Answered step by step
Verified Expert Solution
Link Copied!

Question

1 Approved Answer

1. One country has a comparative advantage over another country in the production of a good if it A. has a curved production possibilities curve

1. One country has a comparative advantage over another country in the production of a good if it

A. has a curved production possibilities curve and the other country has a linear production

possibilities curve.

B. has a linear production possibilities curve and the other country has a curved production

possibilities curve.

C. is a lower opportunity cost producer of the good.

D. has lower fixed costs than the other country.

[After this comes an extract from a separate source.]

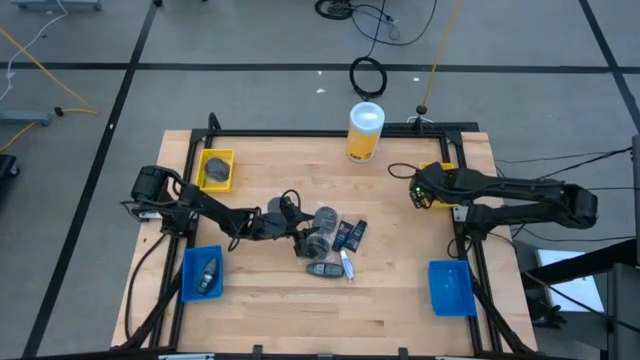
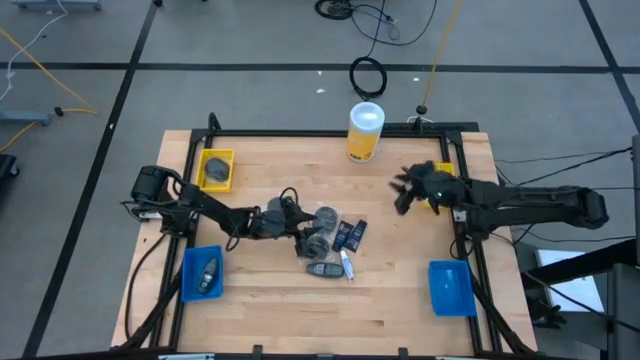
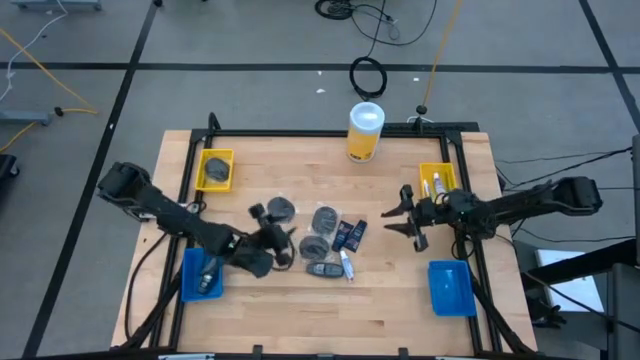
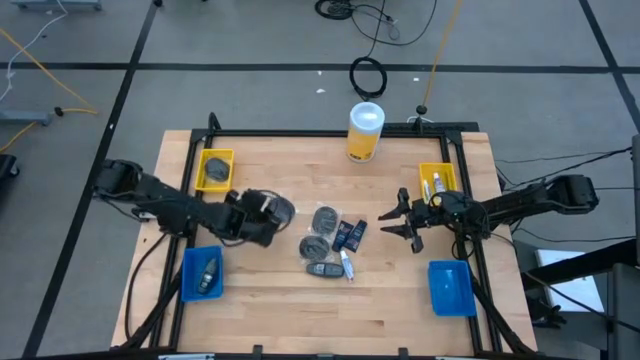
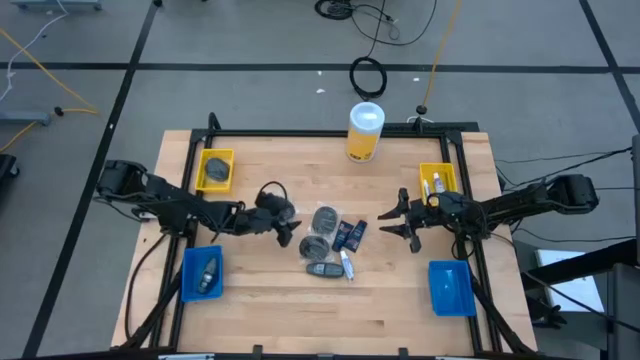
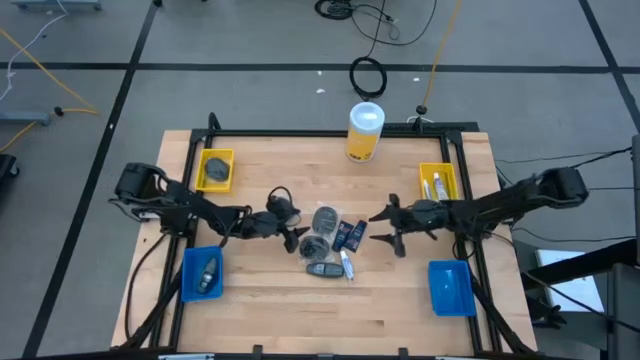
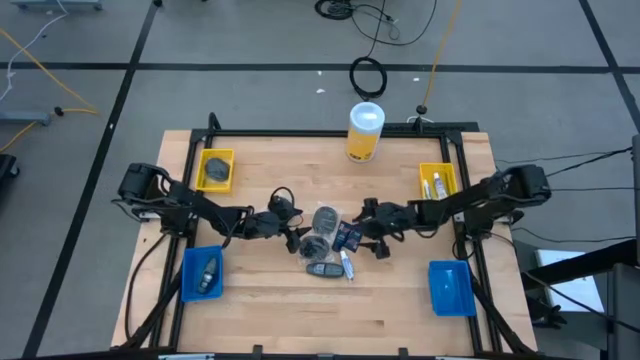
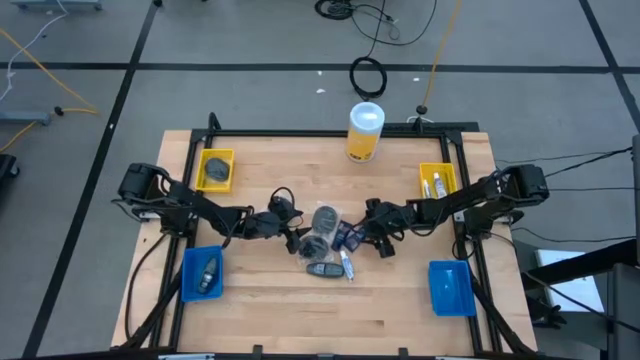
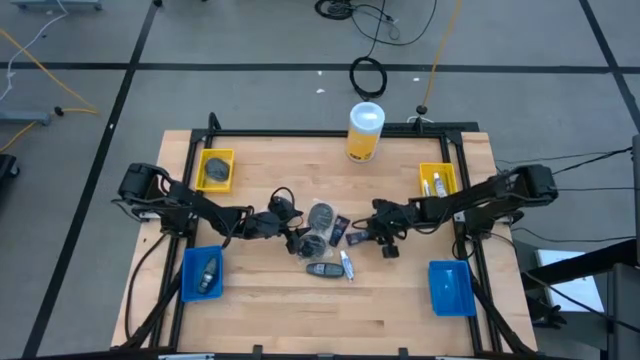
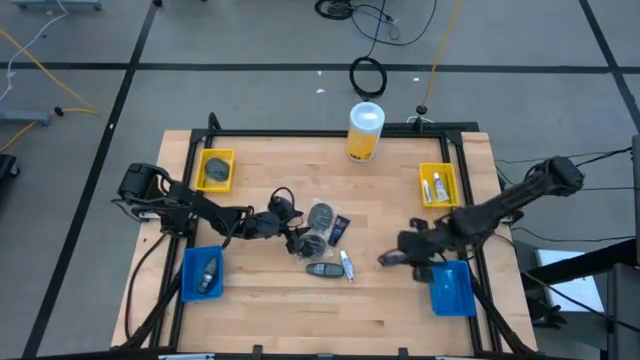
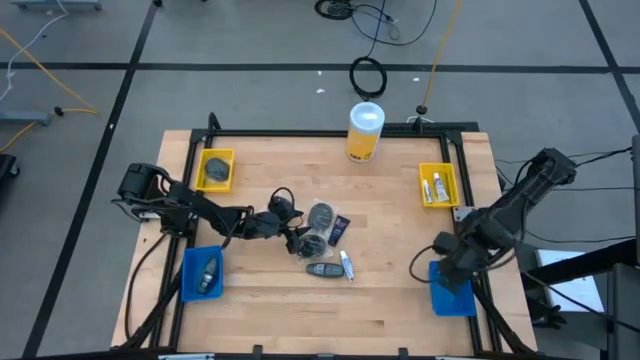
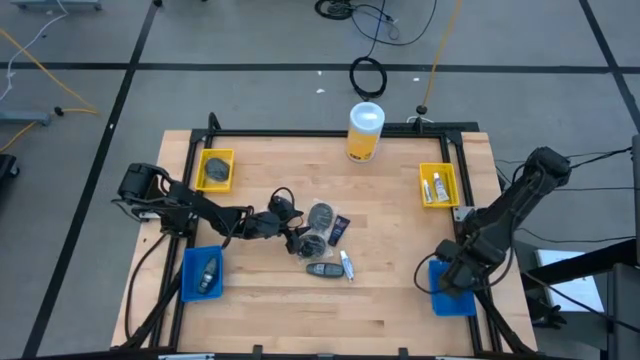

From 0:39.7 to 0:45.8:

2. A "voluntary export restraint" is an agreement between

A.government and a particular producer that agrees to limit its exports and, in return, the

government will subsidize the producer.

B.two countries in which the exporting country agrees to limit its exports to the importing

country.

C.two countries in which both countries agree to impose tariffs on the others' products.

D.a and c.

3.Which of the following describes a tariff?

A. an export tax.

B. a tax on import.

C. a limit on the quantity of import.

D. a physical ban on imported goods.

4.A country enjoys an absolute advantage over another country if it

A. uses same amount of resources to produce the same amount of resources.

B. produces less output with the same amount of resources.

C. produce more output with the same amount of resources.

D. uses more resources to produce the same amount of output.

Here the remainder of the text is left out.